L’absence de l’Etat dans pratiquement tous les domaines, a conduit certains de nos compatriotes à mener des activités lucratives, sans le plus souvent se conformer aux lois et textes réglementaires en vigueur. On peut le dire en ce qui concerne le transport fluvial. Le long du fleuve Congo et ses affluents, des navires souvent dans un état défectueux, font le transport de personnes et de marchandises. Leurs propriétaires disposent des ports privés aussi bien à Kinshasa que dans les provinces traversées par de grands espaces navigables. Cependant, le transport fluvial étant très délicat, les autorités ne semblent pas lui accorder une attention particulière.

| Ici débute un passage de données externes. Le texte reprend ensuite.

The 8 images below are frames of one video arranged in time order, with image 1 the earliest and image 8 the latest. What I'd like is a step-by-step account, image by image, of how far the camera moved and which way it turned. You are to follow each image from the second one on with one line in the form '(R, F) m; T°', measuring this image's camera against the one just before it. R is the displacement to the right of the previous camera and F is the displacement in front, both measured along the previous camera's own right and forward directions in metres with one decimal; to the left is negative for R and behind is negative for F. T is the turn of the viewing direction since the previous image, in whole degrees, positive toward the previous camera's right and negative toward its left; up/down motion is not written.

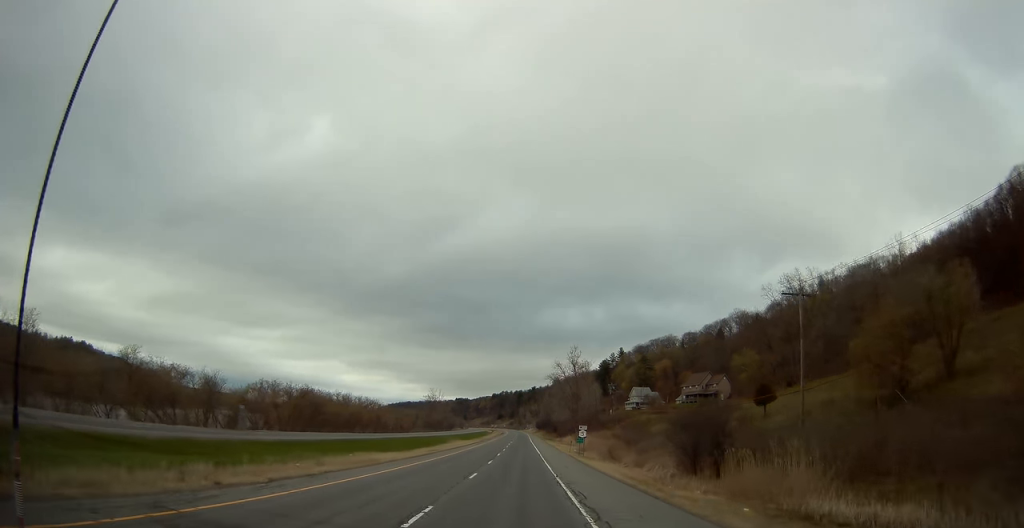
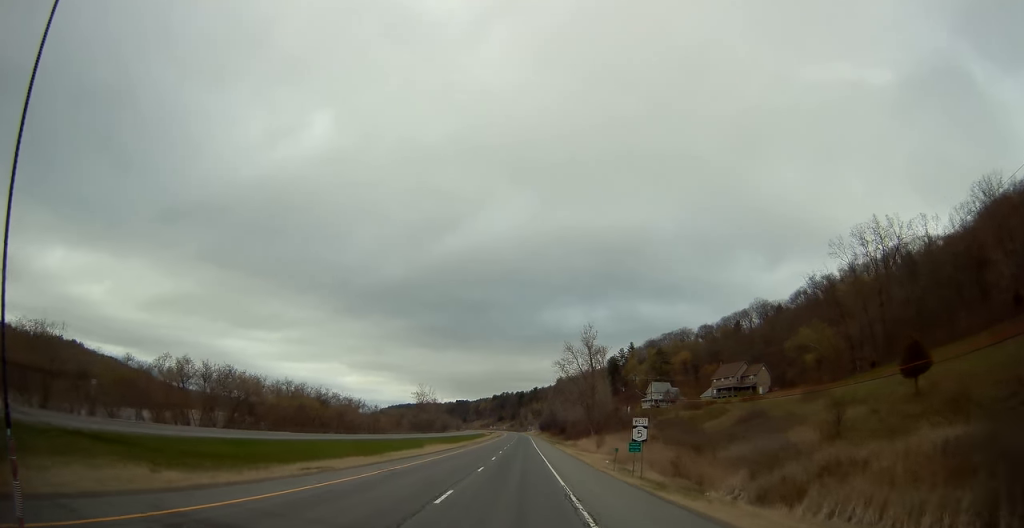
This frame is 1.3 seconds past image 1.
(-0.4, +33.1) m; -1°
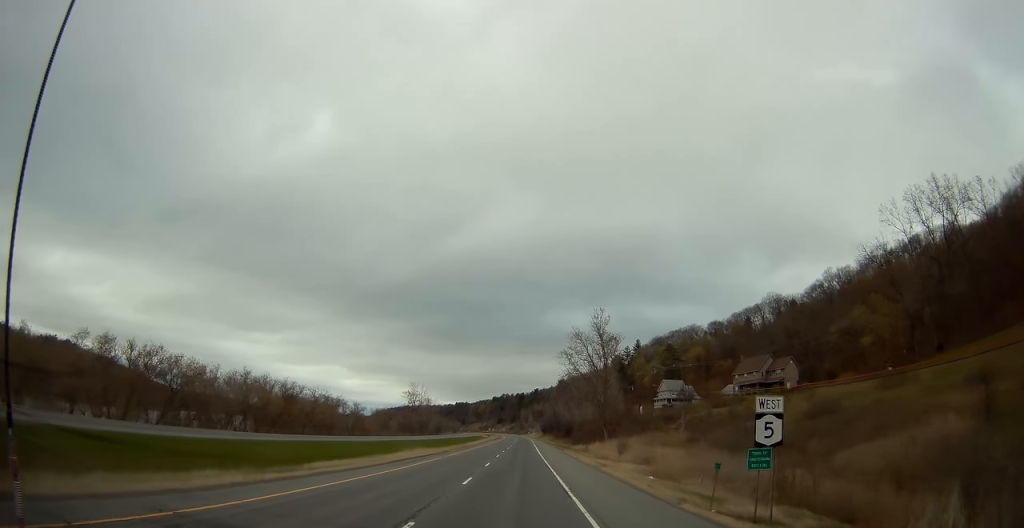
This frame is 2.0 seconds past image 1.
(+0.1, +18.5) m; +1°
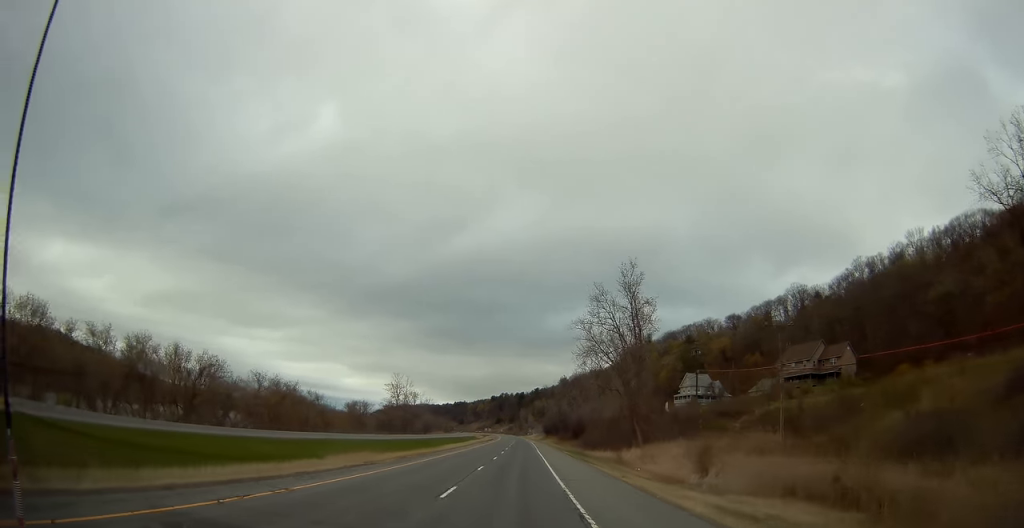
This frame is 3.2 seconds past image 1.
(+0.3, +29.4) m; 0°
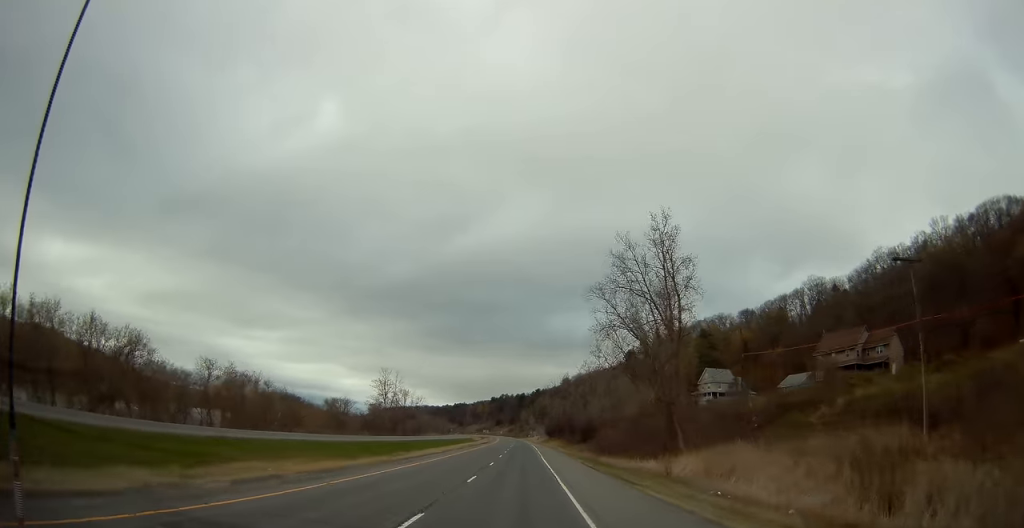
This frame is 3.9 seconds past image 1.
(-0.2, +18.4) m; 0°
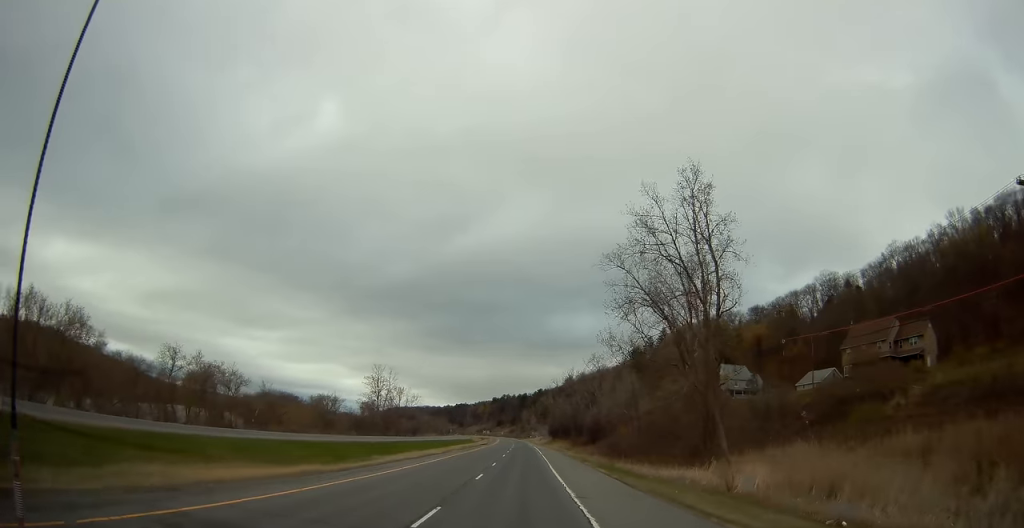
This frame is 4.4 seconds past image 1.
(0.0, +10.9) m; 0°
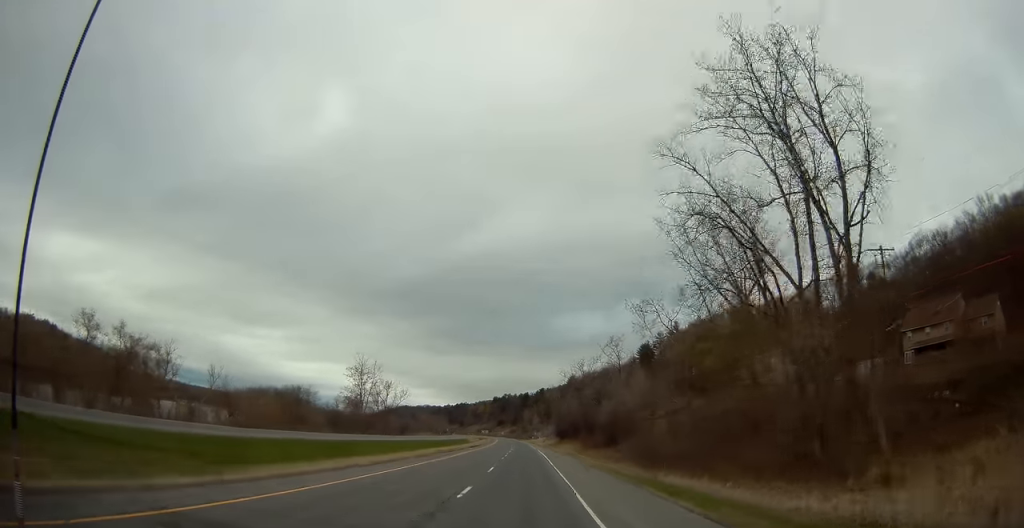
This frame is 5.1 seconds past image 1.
(+0.1, +19.1) m; -1°
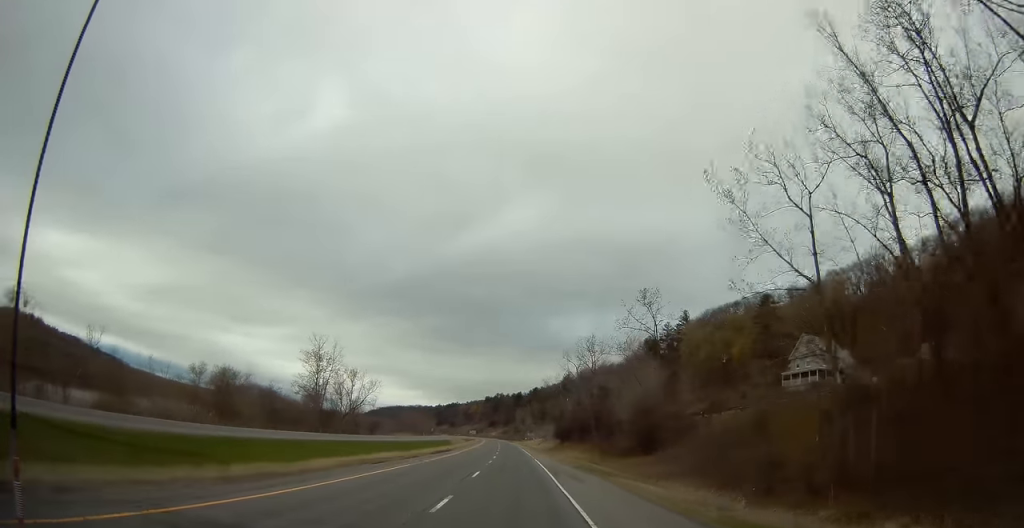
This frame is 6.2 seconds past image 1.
(-0.3, +27.5) m; +1°

Pourtant, on se le rappelle, ce sont les bateaux de l’Office national de transport –ex ONATRA- qui ont rendu, pendant des décennies, d’appréciables services à la population. Que ce soit de Kinshasa à Kisangani, ou dans les affluents; les passagers voyageaient dans des conditions les meilleures.   C’est dire que l’importance et l’attention qui étaient accordées au transport fluvial par les gouvernements de l’époque. Tel ne semble plus être le cas de nos jours.

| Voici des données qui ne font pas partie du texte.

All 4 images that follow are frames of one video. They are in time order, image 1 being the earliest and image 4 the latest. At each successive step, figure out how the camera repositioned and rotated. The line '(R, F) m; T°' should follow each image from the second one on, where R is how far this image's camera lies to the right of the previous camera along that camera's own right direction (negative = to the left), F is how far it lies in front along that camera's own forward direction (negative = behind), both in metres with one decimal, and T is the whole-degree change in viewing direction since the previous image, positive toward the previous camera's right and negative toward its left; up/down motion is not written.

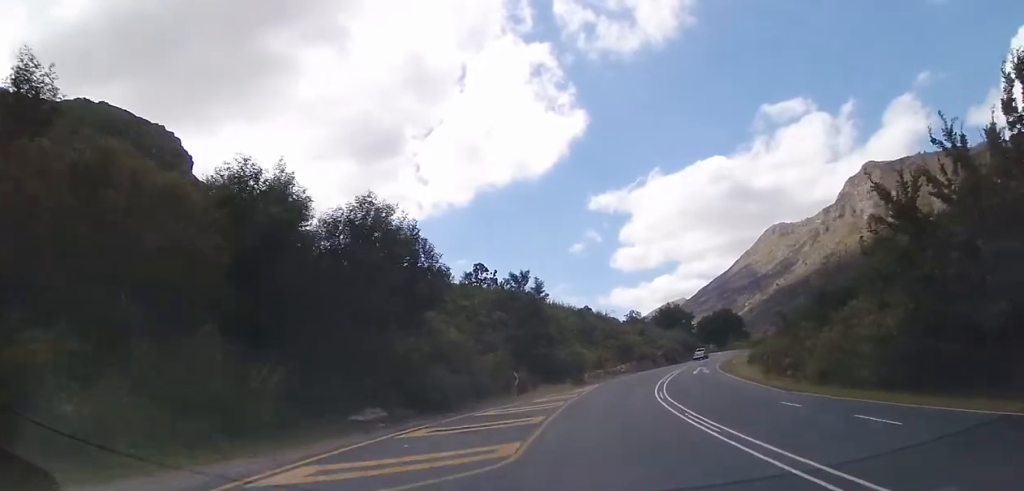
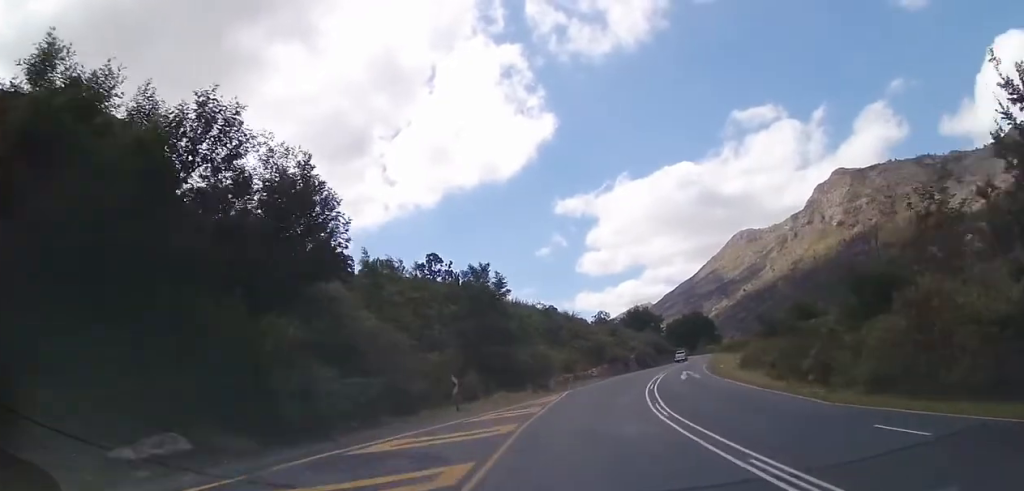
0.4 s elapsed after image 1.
(+0.5, +7.9) m; +3°
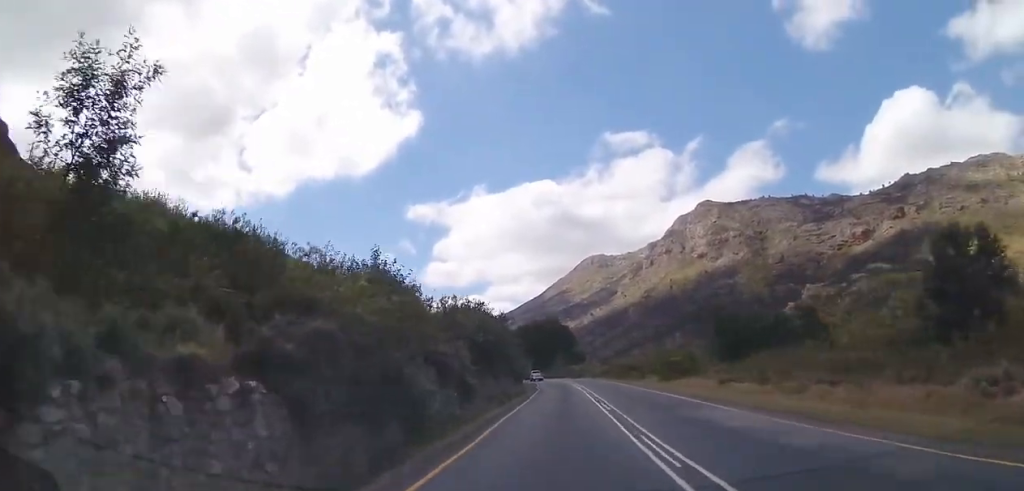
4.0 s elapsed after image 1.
(+12.7, +70.4) m; +17°
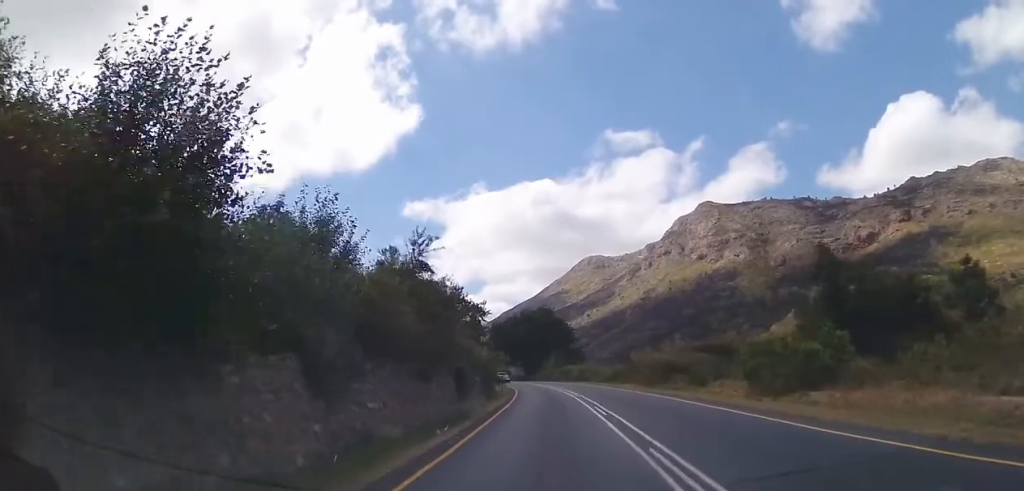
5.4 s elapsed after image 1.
(-0.1, +29.3) m; -1°

Cette absence de bateaux de l’ex Onatra est comblée par des armateurs sans vergogne qui ne tiennent généralement pas compte de normes. Ce qui est à la base de nombreux naufrages que l’on déplore à des intervalles réguliers tant sur le trajet qui va de Kinshasa à Kisangani, dans la province de Tshopo, ou sur les  rivières Tshuapa et Kasai. C’est le cas de celui qui s’est produit le 6 octobre 2021 dans la province de Mongala, en localité d’Engengele, dans le territoire de Bumba, à plusieurs encablures de la rivière Itimbiri.

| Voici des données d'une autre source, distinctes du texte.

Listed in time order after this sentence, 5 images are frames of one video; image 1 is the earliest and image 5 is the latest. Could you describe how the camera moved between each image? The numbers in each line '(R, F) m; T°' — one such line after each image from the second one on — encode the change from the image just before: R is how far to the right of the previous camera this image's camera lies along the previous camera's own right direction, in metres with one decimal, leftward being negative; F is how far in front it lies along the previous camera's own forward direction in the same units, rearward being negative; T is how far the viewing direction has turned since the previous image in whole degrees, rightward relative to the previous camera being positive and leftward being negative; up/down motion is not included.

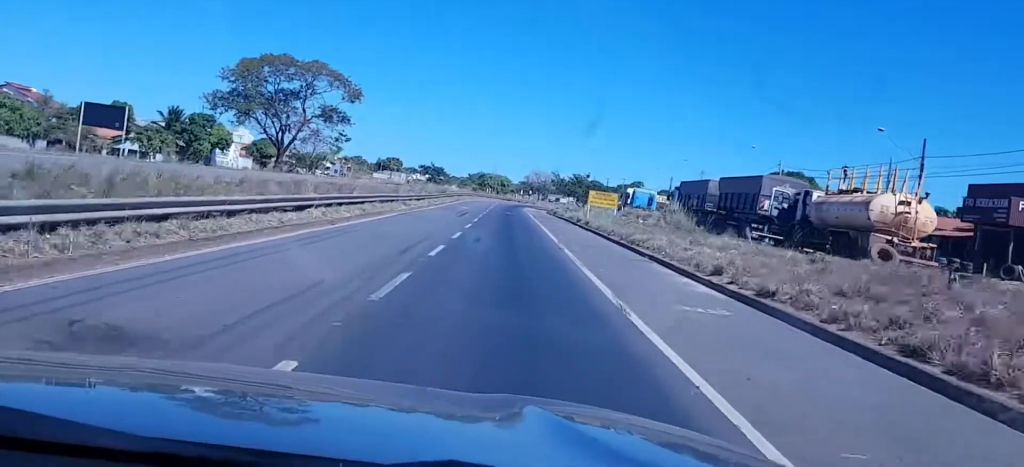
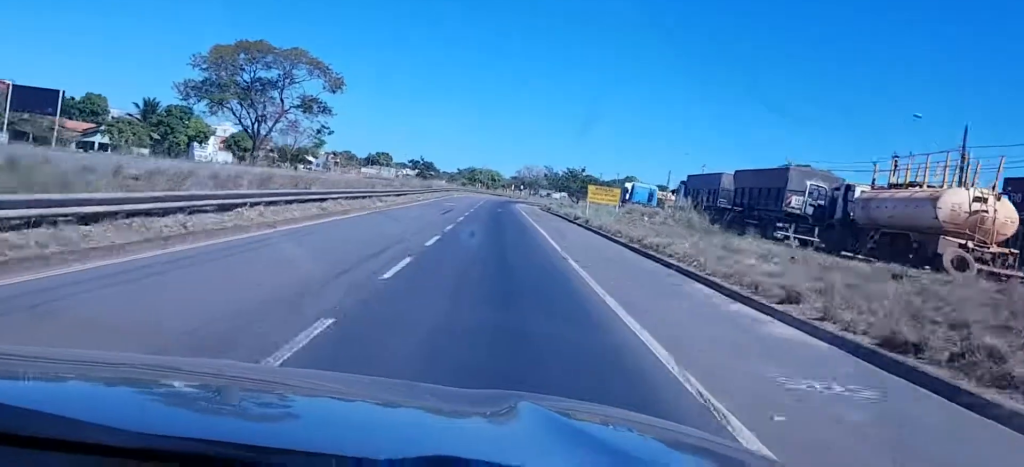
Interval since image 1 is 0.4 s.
(+0.2, +6.5) m; +1°
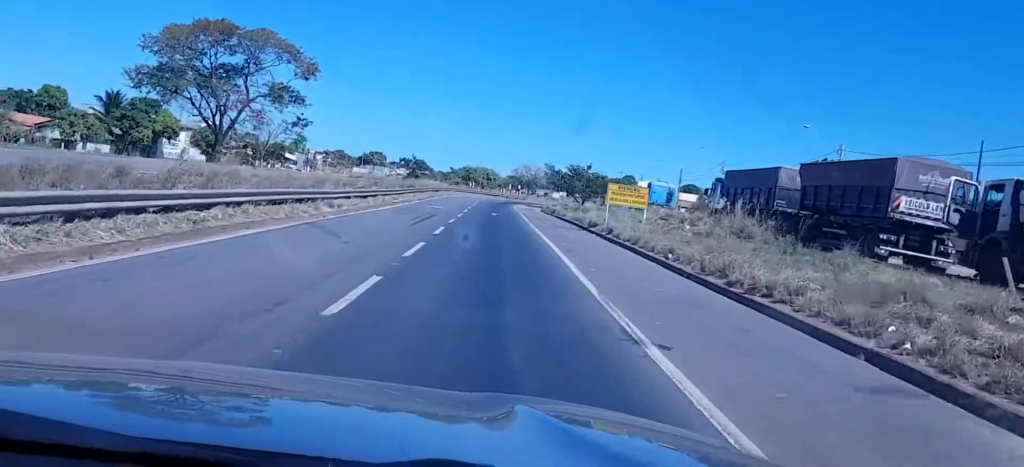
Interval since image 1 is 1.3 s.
(+0.3, +12.6) m; +1°
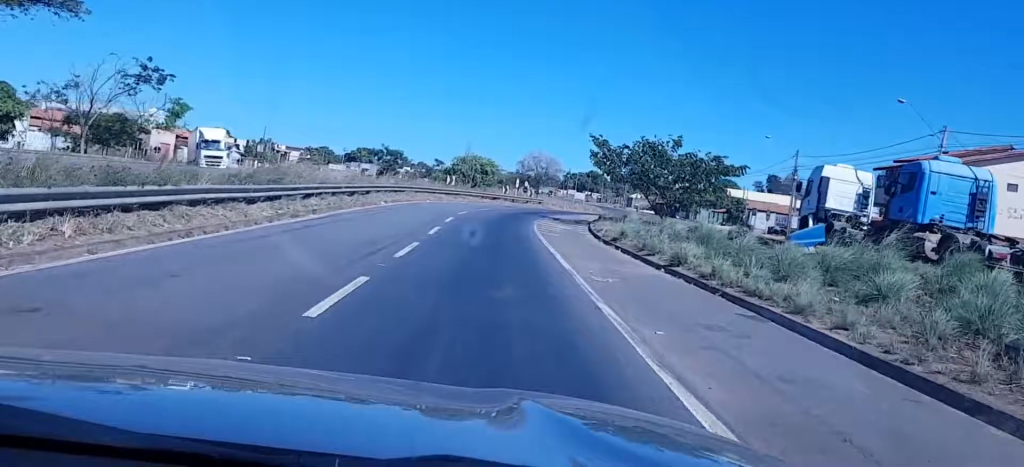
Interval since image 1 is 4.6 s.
(-1.9, +51.5) m; 0°
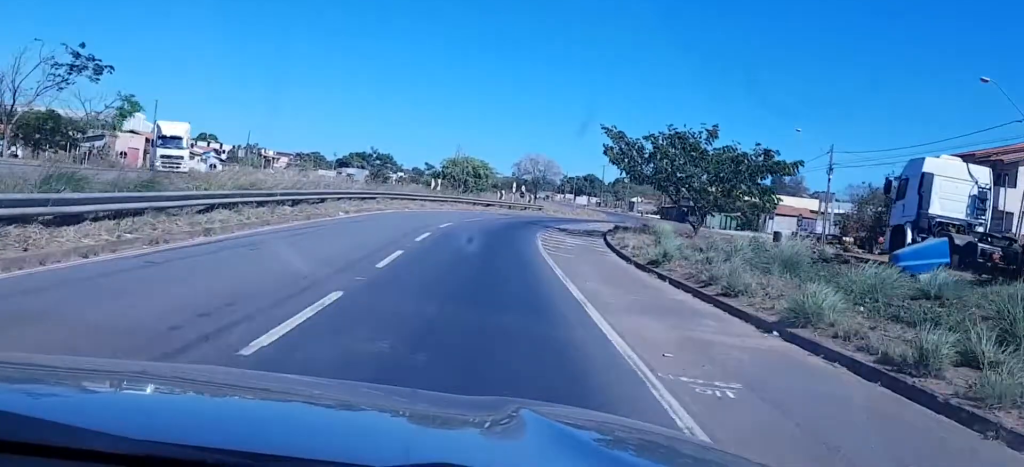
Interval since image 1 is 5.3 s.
(+0.2, +10.0) m; +2°

Il y a quelques années, j’avais accompagné une délégation de 5 ministres dépêchés par le gouvernement central dans la ville de Boende, chef-lieu de la province de Tshuapa, où un naufrage dans la rivière du même nom, avait causé d’importants dégâts matériels et de pertes en vies humaines:  c’est avec un pincement au cœur que l’on suivit les témoignages de rescapés dont des femmes, des enfants et des biens avaient été emportés nuitamment par les eaux. Tous accusaient le Commissaire fluvial. Pourtant, ces cadres du ministère des transports et voies de communication avaient suivi,  à Kinshasa, une formation devant les aider à mieux remplir leurs missions sur les points d’attache. Rien n’y fait. L’on constate même que la situation  ne fait qu’empirer.

Il y a encore des années, nous avions déploré au port de Mbandaka, dans la province de l’Equateur, la présence de petits bateaux surchargés de passagers et de marchandises qui attendaient la tombée de la nuit pour prendre le large. Là aussi, le Commissaire fluvial avait été interpellé pour son insouciance et le non-respect des règlements régissant le transport fluvial.

Très souvent, les gouverneurs sont accusés  de protéger les commissaires fluviaux, ce qui empêche les ministres provinciaux des transports et voies de communication de les sanctionner en cas de fautes disciplinaires. 

Ainsi, pour des intérêts mesquins, de nombreux armateurs qui paient d’ailleurs difficilement leurs redevances à l’Etat, des gouverneurs de province, et bien entendu, des commissaires fluviaux, laissent des hommes, des femmes et des enfants se noyer la nuit dans des eaux souvent agitées sans espoir d’en sortir vivants.